When we talk about spaces and online education (under which I’m including hybrid courses that blend online and face to face instruction), there are both physical and virtual spaces to consider. I’m on record in many places as not liking BlackBoard or really any other commercially available learning management system (LMS), but I will admit that for many instructors, these open the box and use systems make a lot of sense if only because they are institutionally supported and relatively easy to use. I think they impose a particular set of pedagogical assumptions on the instructor, which is why I don’t use them, but for history departments that want to create virtual learning spaces quickly, the use of a commercial LMS may be the simplest option.
What I’m more concerned with in this essay, however, is the physical spaces we control — to the degree we do control them — in our departmental offices. If we are going to do online right, we and our students have to have easy access to two kinds of physical spaces — those that can be used for the production of online historical resources, and those that students can use when consuming those resources.
I think educators enamored of online education cling to one really big mistaken assumption when it comes to student learning with online resources. Yes, it is likely that many students will sit quietly by themselves watching videos, working their way through problems, doing research, and interacting with other students enrolled in the same course. But does it have to be that way? Is this face-glued-to-laptop mode of learning the best use of online educational tools? After all, if that’s the way students are going to take our courses, then we don’t need our campuses at all, now do we? They can just sit at home, in Starbucks, or wherever, and consume our curricula all by their lonesome selves. Think of the money we’d save if we shut down all our classroom buildings for good.
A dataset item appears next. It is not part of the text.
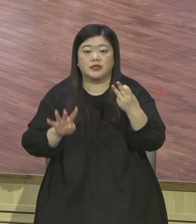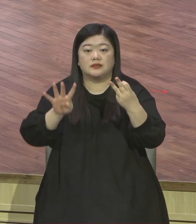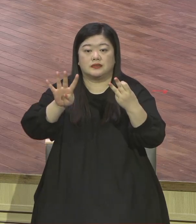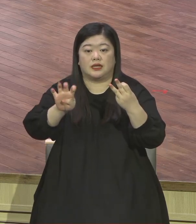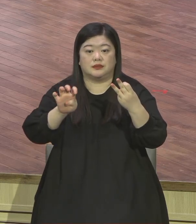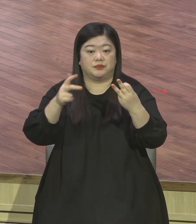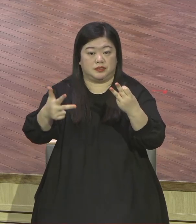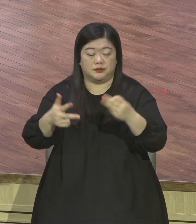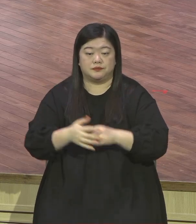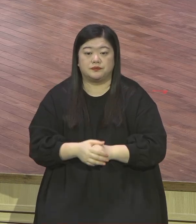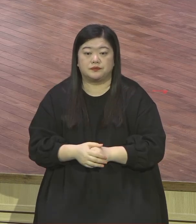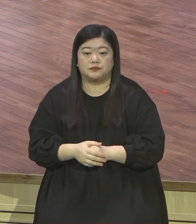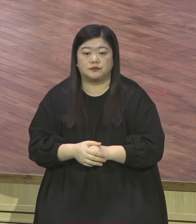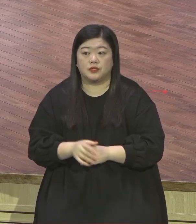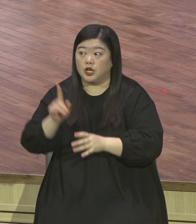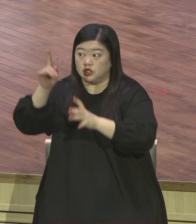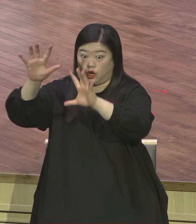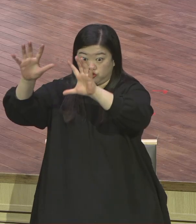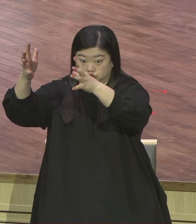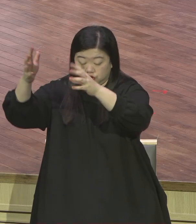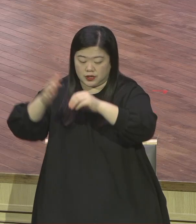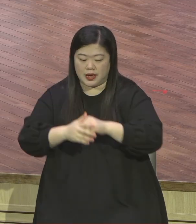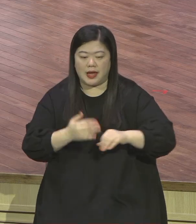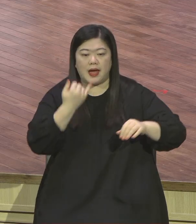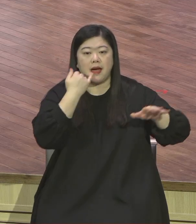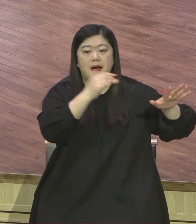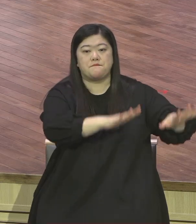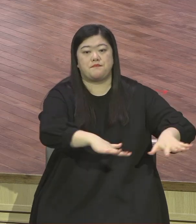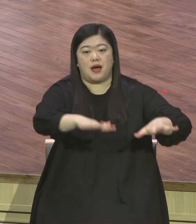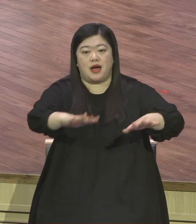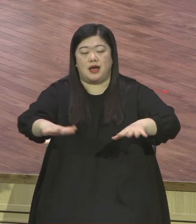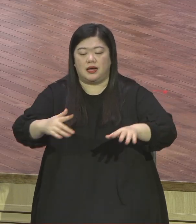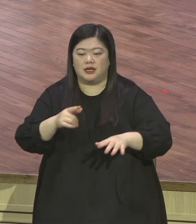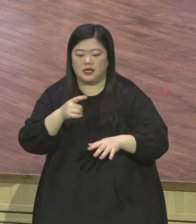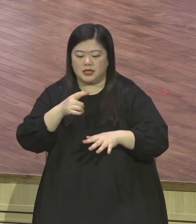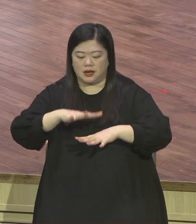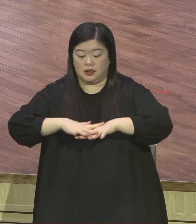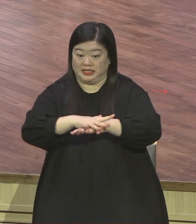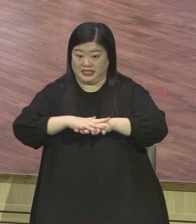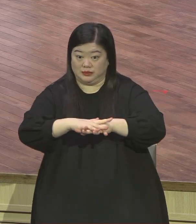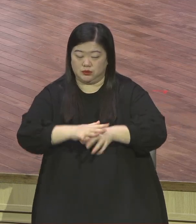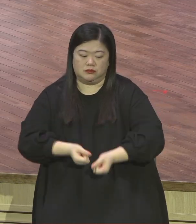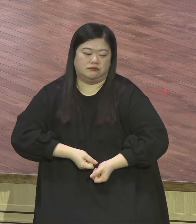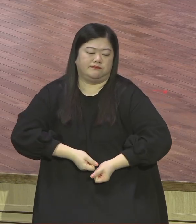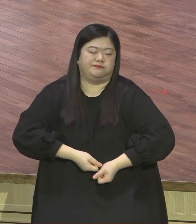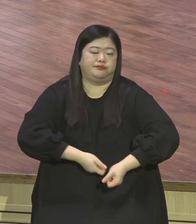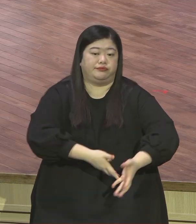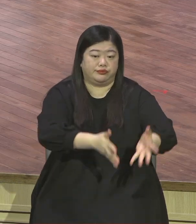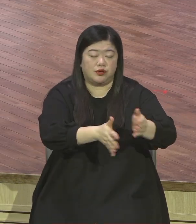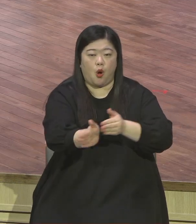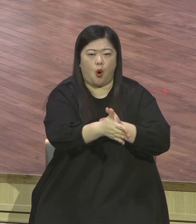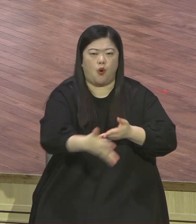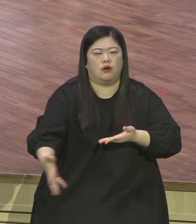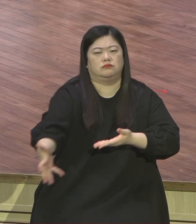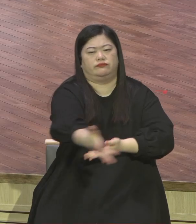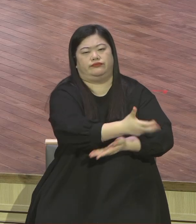천국은 마치 바다에 치고 각종 물고기를 모는 거물과 같으니 거물에 가득하며 물가로

What if, instead, we created learning spaces in our departments dedicated to students taking online courses? Such spaces could be smallish, meaning large enough for a couple or a few students, and wired, so that the students can all watch the same screen simultaneously, but have enough bandwidth to work independently on their laptops/tablets. The image to the left is from the Hunt Library at N.C. State University that opened last year and shows one of many such possible configurations of a space where students can work together, whether as part of an online course, or while planning a group presentation, or whatever.
If our students had such spaces and we designed our online learning opportunities to encourage them to work together in such spaces (or in their dorms, or a Starbucks), what could the learning outcomes be and how would those outcomes be different that what might be achieved in a face-glued-to-laptop mode of online course design? Because some of the very best historical work is the result of collaborative endeavor — showing drafts to friends, presenting to colleagues, etc. — it seems to me that it is incumbent on us to think more carefully about designing online learning around the kinds of collaborations we value in our own work. In that way we help to model a mode of knowledge production that we engage in ourselves. And we give them a reason to engage with our curriculum in our department, where faculty and other students might join in, be available to answer questions, or take part in the production of new knowledge as part of the kind of shared endeavor I discussed above.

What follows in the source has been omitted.